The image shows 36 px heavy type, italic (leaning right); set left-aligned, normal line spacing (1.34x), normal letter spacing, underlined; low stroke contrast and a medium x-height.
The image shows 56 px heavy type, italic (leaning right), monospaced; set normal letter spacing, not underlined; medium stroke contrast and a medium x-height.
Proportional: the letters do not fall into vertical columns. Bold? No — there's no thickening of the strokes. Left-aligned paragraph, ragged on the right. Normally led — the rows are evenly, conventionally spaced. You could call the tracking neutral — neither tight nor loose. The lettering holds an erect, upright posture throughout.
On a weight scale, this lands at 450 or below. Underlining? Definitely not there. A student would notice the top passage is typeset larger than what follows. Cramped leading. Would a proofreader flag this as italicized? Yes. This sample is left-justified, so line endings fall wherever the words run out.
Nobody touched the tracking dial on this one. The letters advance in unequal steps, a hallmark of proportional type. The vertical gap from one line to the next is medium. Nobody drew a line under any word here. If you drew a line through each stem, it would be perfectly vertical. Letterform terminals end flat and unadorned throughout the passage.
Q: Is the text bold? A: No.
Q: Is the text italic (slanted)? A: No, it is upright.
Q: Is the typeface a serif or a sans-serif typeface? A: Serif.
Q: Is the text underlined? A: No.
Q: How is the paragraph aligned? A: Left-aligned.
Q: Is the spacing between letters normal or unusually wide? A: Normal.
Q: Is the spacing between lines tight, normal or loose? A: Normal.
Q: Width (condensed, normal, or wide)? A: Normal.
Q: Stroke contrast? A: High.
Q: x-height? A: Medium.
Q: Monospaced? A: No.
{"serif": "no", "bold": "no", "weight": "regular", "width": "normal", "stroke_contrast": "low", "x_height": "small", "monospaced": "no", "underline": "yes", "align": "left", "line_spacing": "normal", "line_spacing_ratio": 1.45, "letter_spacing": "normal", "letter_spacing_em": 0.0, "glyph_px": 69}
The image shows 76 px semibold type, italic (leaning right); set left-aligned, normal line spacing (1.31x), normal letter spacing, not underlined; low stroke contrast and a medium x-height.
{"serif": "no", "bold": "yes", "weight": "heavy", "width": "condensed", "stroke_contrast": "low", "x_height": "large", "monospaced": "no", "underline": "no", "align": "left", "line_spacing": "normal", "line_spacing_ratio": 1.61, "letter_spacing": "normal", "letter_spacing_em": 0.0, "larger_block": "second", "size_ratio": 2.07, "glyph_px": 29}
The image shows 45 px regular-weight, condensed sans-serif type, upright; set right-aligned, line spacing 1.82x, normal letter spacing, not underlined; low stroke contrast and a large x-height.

....

◆ PROBLEM TO WORK ON: Copy each line from the data above that includes "sans".

◆ ANSWER BOX:
Q: Is the typeface a serif or a sans-serif typeface? A: Serif.
The image shows 45 px regular-weight, condensed sans-serif type, upright; set right-aligned, line spacing 1.82x, normal letter spacing, not underlined; low stroke contrast and a large x-height.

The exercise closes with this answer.